Their JVC year ended, Nicole stayed in Atlanta and continued to live with two of her community mates. The three stayed at their agencies. Their non-profit work required them to continue to live simply and reflect on social justice.

Nicole moved from the Furniture Bank to Atlanta’s Task Force for the Homeless. It was the mid 1990s, and the city was preparing to host the Olympics. Nicole worked in media relations for the Task Force, and got frustrated by the dehumanization of people getting displaced.

I don’t understand how you can tell Joe he can’t stay on that park bench anymore, she recalls thinking. He’s not other. He’s Joe. What the hell are you doing?

It became difficult to do her job, and she applied for Jesuit International Volunteers. She got turned down, so she stayed another year at the Task Force. She applied again for JIV, and got in this time.

Nicole lived in the Tanzania city of Mwanza. She entered in a community of five, and it grew to more people in her second year. They lived among dirt roads, with occasional electricity and occasional running water.

“There was definitely no debate or discussion about simple living,” Nicole said.

The volunteers got stipends of $25 per month, which made them rich by Tanzanian standards. The JVs saved their money to travel.

Nicole taught journalism at a post-secondary English-speaking school. She and her community mates learned Swahili. “We were white in an African community,” she said. “Everyone was constantly watching us.”

The JVs took malaria medication for a few months, which didn’t keep them from getting malaria. One of the community members got it particularly bad, running fever, vomiting and also catching dysentery.
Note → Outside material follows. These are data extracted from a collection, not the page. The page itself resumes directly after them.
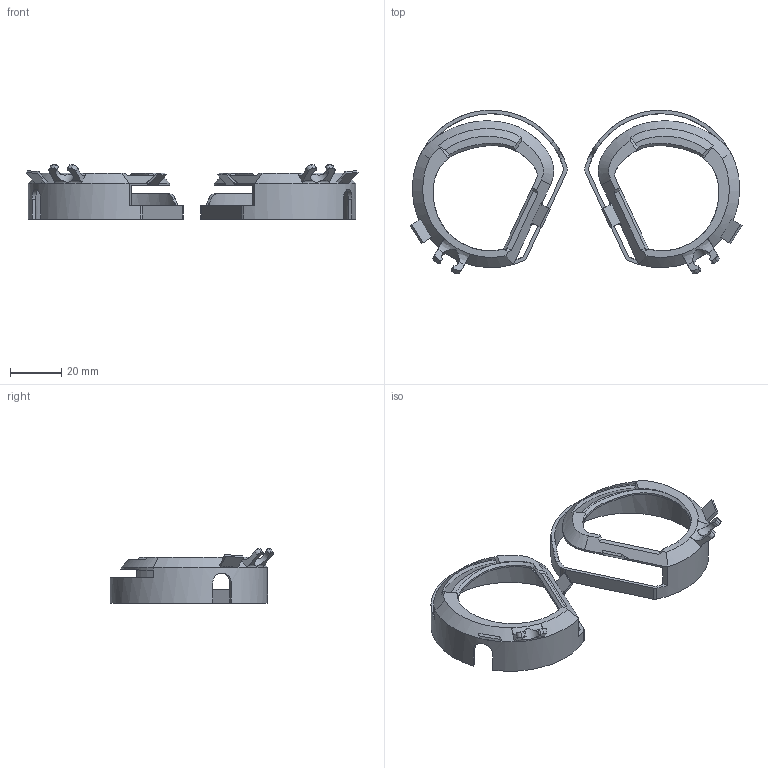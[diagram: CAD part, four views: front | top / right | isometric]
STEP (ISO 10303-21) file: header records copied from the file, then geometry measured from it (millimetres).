
FILE_DESCRIPTION(/* description */ (''),/* implementation_level */ '2;1');
FILE_NAME(/* name */ 'ETVR VROptician Lense Adapters Pre2020 v2.step',/* time_stamp */ '2023-02-16T19:42:49+01:00',/* author */ (''),/* organization */ (''),/* preprocessor_version */ 'ST-DEVELOPER v19.2',/* originating_system */ 'Autodesk Translation Framework v11.17.0.187',/* authorisation */ '');
FILE_SCHEMA (('AUTOMOTIVE_DESIGN { 1 0 10303 214 3 1 1 }'));
Length unit declared in the file: millimetre
Products named in the file (1): ETVR VROptician Lense Adapters Pre2020
Bounding box: 129.59 x 63.9 x 21.25 mm (x, y, z)
Volume: 10733.2 mm3; surface area: 14787.1 mm2
Topology: 2 solids, 2 shells, 186 faces, 542 edges, 348 vertices
Faces by surface type: plane 104, bspline 40, cylinder 38, cone 4
Entity records: 10920 total; most frequent: CARTESIAN_POINT 6329, ORIENTED_EDGE 1084, DIRECTION 792, EDGE_CURVE 542, VERTEX_POINT 348, LINE 270, VECTOR 270, AXIS2_PLACEMENT_3D 261
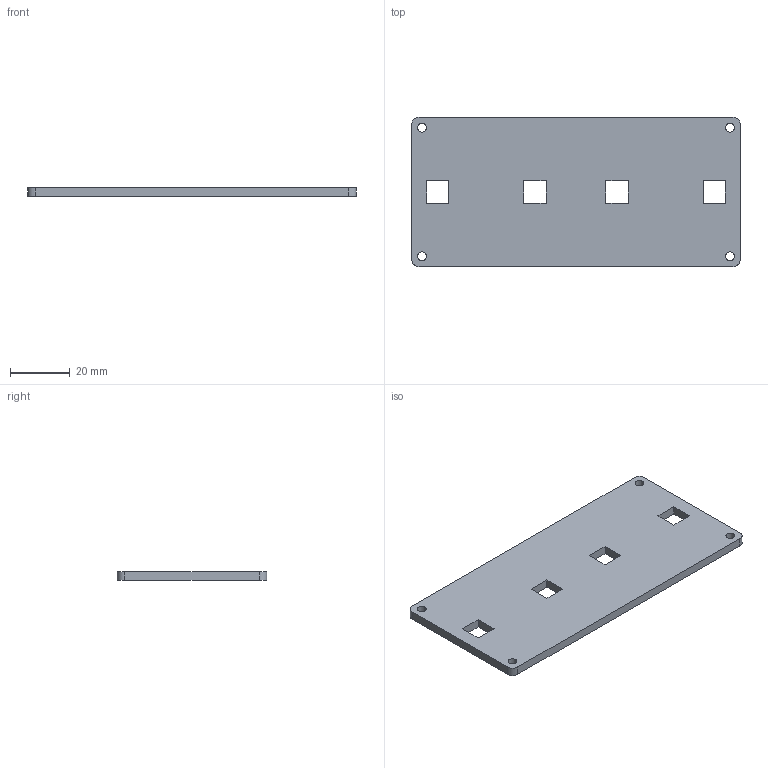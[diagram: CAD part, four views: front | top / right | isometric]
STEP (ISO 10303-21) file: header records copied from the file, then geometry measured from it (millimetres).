
FILE_DESCRIPTION(('FreeCAD Model'),'2;1');
FILE_NAME( 'base.step', '2013-03-07T12:47:11',('FreeCAD'),('FreeCAD'), 'Open CASCADE STEP processor 6.3','FreeCAD','Unknown');
FILE_SCHEMA(('AUTOMOTIVE_DESIGN_CC2 { 1 2 10303 214 -1 1 5 4 }'));
Length unit declared in the file: millimetre
Products named in the file (1): Open CASCADE STEP translator 6.3 5
Bounding box: 110 x 50 x 3 mm (x, y, z)
Volume: 15727.1 mm3; surface area: 11902.9 mm2
Topology: 1 solids, 1 shells, 30 faces, 84 edges, 56 vertices
Faces by surface type: plane 22, cylinder 8
Full cylindrical faces by diameter (mm): 2.946 x4
Entity records: 2098 total; most frequent: CARTESIAN_POINT 339, DIRECTION 330, LINE 220, VECTOR 220, ORIENTED_EDGE 168, PCURVE 168, DEFINITIONAL_REPRESENTATION 168, EDGE_CURVE 84

When Nicole recalls it decades later, it brings her to tears.

The community took care of her at home for a while, then finally went to a Western-educated doctor in town. He was incredulous that they hadn’t brought her to the hospital.

“So we took her to the hospital in town. We took turns staying with her night and day,” Nicole said. They were in a cinderblock room with a concrete floor. Her housemate lay on a thin feather mattress on a wooden pallet. The housemate threw up and had diarrhea constantly. Dark circles grew under her eyes.
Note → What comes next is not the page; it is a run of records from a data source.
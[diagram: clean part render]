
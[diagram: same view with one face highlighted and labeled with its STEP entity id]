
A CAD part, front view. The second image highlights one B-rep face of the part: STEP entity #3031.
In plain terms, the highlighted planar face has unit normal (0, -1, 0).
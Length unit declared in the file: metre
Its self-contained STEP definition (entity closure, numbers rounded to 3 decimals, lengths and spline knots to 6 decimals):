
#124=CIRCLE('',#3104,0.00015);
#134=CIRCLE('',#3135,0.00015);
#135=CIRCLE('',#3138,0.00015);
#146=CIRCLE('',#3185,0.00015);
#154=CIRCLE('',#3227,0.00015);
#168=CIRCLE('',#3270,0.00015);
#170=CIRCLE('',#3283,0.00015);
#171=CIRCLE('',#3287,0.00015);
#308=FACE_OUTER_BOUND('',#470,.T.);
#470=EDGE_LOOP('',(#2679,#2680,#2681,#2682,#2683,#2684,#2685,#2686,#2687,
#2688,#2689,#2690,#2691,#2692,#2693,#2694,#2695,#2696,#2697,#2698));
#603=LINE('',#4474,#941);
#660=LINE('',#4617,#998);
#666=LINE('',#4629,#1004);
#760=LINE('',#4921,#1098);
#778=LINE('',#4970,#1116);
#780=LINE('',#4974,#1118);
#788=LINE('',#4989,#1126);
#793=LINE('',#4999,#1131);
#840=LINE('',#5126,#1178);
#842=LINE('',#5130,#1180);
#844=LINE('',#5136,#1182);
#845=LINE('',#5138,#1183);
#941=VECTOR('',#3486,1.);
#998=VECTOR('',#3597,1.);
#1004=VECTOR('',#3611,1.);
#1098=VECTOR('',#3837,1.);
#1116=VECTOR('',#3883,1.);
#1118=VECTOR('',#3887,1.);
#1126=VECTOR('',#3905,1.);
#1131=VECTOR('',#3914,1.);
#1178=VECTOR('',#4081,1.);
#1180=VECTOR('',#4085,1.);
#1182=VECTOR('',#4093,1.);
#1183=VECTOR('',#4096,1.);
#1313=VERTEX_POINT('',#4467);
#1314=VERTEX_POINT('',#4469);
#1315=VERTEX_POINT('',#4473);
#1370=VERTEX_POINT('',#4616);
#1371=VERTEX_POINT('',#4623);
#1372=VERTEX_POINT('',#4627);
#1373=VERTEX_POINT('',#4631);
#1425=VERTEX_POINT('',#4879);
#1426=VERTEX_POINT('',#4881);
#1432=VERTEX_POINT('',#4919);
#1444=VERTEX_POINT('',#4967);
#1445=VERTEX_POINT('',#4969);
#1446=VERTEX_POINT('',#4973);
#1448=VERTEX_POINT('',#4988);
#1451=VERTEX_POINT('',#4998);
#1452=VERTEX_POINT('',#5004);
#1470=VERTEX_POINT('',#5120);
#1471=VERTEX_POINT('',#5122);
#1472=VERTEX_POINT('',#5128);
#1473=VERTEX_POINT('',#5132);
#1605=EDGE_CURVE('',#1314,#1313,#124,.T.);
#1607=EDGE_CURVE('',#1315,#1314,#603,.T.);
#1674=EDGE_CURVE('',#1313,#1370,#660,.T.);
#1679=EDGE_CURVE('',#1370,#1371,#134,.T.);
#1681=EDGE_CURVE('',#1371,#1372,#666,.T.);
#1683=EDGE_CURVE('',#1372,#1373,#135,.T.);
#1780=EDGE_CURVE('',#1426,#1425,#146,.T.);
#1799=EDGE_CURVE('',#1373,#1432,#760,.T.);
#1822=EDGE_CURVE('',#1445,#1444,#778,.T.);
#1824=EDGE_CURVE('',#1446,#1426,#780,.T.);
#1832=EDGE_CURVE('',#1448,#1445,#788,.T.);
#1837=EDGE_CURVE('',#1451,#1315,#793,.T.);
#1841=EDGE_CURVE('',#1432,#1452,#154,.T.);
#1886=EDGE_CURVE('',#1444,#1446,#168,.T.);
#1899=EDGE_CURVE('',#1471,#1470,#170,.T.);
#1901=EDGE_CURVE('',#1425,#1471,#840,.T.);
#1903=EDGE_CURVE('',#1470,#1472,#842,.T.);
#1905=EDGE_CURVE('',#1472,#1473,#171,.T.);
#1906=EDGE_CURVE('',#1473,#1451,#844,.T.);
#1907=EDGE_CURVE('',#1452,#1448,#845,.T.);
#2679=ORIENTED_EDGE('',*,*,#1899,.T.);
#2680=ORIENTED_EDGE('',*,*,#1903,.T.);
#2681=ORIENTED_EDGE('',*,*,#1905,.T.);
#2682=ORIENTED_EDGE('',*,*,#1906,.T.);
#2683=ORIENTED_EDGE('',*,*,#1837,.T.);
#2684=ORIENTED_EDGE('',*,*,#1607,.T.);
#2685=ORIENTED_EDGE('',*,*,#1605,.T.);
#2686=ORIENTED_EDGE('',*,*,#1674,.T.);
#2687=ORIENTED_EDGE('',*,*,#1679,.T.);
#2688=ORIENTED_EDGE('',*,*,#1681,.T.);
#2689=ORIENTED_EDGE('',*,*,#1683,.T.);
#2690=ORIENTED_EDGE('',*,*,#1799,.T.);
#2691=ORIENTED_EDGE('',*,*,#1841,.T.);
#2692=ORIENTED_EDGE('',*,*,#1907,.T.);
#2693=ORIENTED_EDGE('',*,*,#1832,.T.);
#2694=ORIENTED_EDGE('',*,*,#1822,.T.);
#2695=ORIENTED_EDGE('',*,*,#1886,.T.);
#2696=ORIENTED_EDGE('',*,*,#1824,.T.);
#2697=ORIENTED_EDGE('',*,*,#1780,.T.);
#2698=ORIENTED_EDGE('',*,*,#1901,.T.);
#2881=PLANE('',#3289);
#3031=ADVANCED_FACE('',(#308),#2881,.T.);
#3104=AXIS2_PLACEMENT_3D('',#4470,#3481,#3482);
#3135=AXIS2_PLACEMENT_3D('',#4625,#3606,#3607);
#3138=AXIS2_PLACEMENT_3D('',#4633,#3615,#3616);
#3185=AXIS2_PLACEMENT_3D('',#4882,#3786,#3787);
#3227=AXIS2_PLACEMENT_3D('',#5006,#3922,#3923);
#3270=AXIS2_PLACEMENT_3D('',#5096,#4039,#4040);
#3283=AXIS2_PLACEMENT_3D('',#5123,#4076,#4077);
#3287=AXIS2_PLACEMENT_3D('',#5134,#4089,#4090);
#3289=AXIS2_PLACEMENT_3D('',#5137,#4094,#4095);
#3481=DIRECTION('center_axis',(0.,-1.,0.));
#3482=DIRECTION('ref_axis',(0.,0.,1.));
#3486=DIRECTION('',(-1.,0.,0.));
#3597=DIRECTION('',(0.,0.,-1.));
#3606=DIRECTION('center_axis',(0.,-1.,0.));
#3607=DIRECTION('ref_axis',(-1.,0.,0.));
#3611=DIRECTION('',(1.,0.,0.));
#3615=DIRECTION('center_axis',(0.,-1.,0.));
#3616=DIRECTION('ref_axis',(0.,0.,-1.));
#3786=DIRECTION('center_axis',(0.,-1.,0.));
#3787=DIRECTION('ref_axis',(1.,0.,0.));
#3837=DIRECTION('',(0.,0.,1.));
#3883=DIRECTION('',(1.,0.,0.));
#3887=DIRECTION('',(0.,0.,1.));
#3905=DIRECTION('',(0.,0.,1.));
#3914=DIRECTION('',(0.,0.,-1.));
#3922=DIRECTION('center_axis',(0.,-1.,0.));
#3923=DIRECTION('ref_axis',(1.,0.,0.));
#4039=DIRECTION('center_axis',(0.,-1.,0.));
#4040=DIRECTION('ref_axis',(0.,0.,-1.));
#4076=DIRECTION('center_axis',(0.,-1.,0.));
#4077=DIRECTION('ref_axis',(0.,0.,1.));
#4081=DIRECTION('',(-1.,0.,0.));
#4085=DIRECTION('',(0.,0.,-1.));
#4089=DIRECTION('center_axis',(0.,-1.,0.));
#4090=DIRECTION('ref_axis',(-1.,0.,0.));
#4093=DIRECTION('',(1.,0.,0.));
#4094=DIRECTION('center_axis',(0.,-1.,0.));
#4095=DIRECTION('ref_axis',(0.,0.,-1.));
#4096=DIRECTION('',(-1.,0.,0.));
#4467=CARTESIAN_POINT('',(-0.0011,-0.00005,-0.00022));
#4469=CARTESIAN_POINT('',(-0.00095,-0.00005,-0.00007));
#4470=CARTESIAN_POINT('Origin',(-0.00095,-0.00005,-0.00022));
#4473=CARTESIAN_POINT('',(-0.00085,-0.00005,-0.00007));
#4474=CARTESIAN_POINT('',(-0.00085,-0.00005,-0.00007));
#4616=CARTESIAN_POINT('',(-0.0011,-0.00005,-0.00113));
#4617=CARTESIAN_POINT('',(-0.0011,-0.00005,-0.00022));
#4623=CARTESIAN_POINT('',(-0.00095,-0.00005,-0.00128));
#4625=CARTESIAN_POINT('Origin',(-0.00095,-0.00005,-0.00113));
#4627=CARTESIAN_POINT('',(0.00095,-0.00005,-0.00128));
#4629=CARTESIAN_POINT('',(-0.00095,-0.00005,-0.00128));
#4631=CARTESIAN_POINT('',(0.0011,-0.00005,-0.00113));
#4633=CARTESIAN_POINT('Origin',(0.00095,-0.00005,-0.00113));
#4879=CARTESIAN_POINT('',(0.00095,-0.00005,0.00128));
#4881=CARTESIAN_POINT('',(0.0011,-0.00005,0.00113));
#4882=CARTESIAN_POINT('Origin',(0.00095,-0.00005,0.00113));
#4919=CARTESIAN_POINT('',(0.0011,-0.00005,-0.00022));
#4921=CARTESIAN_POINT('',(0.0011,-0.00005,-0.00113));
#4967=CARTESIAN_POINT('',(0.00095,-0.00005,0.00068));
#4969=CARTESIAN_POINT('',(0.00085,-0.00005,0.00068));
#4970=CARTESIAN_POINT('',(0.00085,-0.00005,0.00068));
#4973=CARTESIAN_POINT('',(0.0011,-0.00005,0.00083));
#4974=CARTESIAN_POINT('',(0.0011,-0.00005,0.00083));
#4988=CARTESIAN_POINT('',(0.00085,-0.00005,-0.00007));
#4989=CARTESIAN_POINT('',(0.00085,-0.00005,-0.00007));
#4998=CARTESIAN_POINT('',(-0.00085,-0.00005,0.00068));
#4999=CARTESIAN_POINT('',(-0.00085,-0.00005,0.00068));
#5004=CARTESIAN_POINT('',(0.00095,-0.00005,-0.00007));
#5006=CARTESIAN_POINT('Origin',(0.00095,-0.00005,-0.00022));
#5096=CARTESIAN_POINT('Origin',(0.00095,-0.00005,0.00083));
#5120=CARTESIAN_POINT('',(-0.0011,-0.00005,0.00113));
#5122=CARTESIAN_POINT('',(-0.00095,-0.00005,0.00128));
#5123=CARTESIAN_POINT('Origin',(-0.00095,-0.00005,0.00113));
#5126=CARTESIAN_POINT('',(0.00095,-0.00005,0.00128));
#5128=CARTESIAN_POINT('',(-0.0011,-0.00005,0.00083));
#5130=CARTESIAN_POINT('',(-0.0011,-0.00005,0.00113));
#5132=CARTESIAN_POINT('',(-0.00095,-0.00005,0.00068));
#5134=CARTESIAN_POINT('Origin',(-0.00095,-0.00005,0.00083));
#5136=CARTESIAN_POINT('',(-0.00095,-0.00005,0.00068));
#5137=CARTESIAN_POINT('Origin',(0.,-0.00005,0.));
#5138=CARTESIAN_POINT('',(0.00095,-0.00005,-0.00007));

“We’re in our 20s, we don’t know what we’re doing, we’re in a foreign country,” Nicole said. “What are our options?”

While her housemate was withering away, one of Nicole’s students was in a hospital room nearby, also suffering with malaria and dysentery.

Phone service was sporadic. Someone finally got through to the Jesuit Volunteer Corps office in the U.S. The housemate’s condition got to the point that she might die, so JVC got her airlifted to Great Britain. She stayed in a hospital there for a month and recovered.
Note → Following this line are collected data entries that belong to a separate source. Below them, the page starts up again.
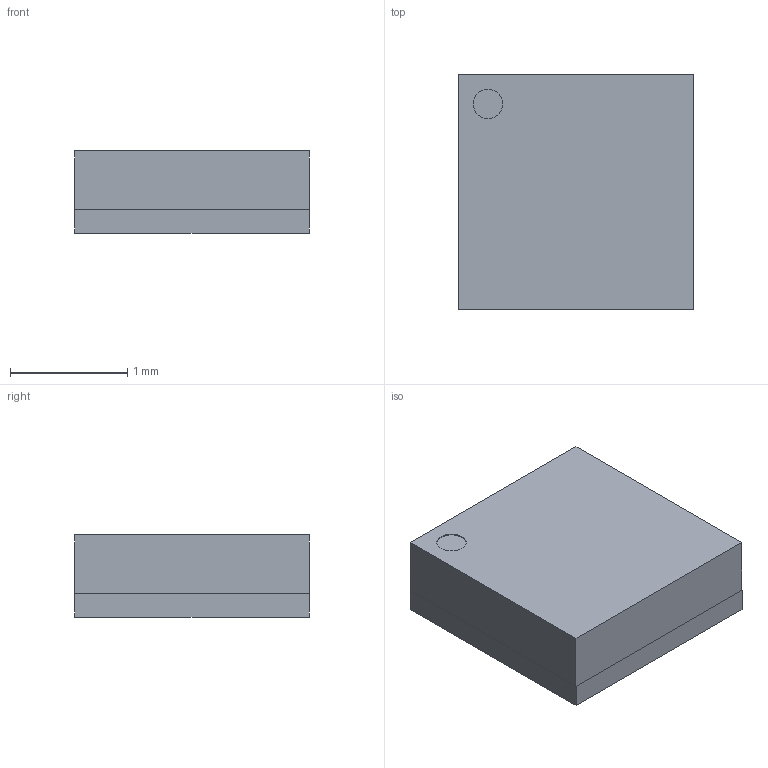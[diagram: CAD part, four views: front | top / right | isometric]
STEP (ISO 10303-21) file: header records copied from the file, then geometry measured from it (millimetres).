
FILE_DESCRIPTION(/* description */ ('760390011'),/* implementation_level */ '2;1');
FILE_NAME(/* name */ '25330202xxxxx',/* time_stamp */ '2019-03-18T16:59:45+01:00',/* author */ ('Wladimir Jelisarow'),/* organization */ ('WÃ¼rth Elektronik eiSos GmbH & Co. KG'),/* preprocessor_version */ 'ST-DEVELOPER v16.7',/* originating_system */ 'DEX',/* authorisation */ $);
FILE_SCHEMA (('AUTOMOTIVE_DESIGN {1 0 10303 214 3 1 1}'));
Length unit declared in the file: millimetre
Products named in the file (3): 25330202xxxxx; base; cover
Assembly tree (2 placements, depth 2):
  25330202xxxxx
    base
    cover
Bounding box: 2 x 2 x 0.7 mm (x, y, z)
Volume: 1.2 mm3; surface area: 24.8 mm2
Topology: 2 solids, 2 shells, 92 faces, 214 edges, 136 vertices
Faces by surface type: plane 79, cylinder 9, sphere 4
Full cylindrical faces by diameter (mm): 0.25 x1
Entity records: 3069 total; most frequent: CARTESIAN_POINT 440, ORIENTED_EDGE 418, DIRECTION 417, EDGE_CURVE 209, LINE 191, VECTOR 191, VERTEX_POINT 136, AXIS2_PLACEMENT_3D 113

As grateful as Nicole was for the care that her housemate eventually got, she kept an eye on her African student suffering in the same hospital.

“Someone finally comes in and takes him to Nairobi for better care. We had this great JVC insurance that airlifted my housemate up and away, but it was completely normalized for my student to be sitting there dying. They call this the burden of the African world. That crystallized social justice for me.”

In the midst of Nicole’s service there, the head of JVC visited them in Tanzania. Nicole told him she was glad she persisted after not getting selected the first time she applied.

“And he’s like, ‘Can I tell you a story and you won't be real mad at me? Your card fell off the table.’”

Nicole didn’t understand. The priest continued.

“When we do placements, we put everybody’s name on a card, and we put them all out on a table,” he told her. “Then we put out all the agencies and we start shifting around. And your card fell off the table.

“He said, ‘Nicole, it was God. You’re here where you need to be now.’ I was like, ‘I know that, but I’m still mad at you.’”

Nicole and I agree that, as we each look back on the different things we’ve been part of in our 50-plus years, Jesuit Volunteer Corps stands out. The fun part of JVC for me was traveling around the West for parties with other communities. It was my own community, though, that prompted me to grow more in that one year than in any other single year in my life.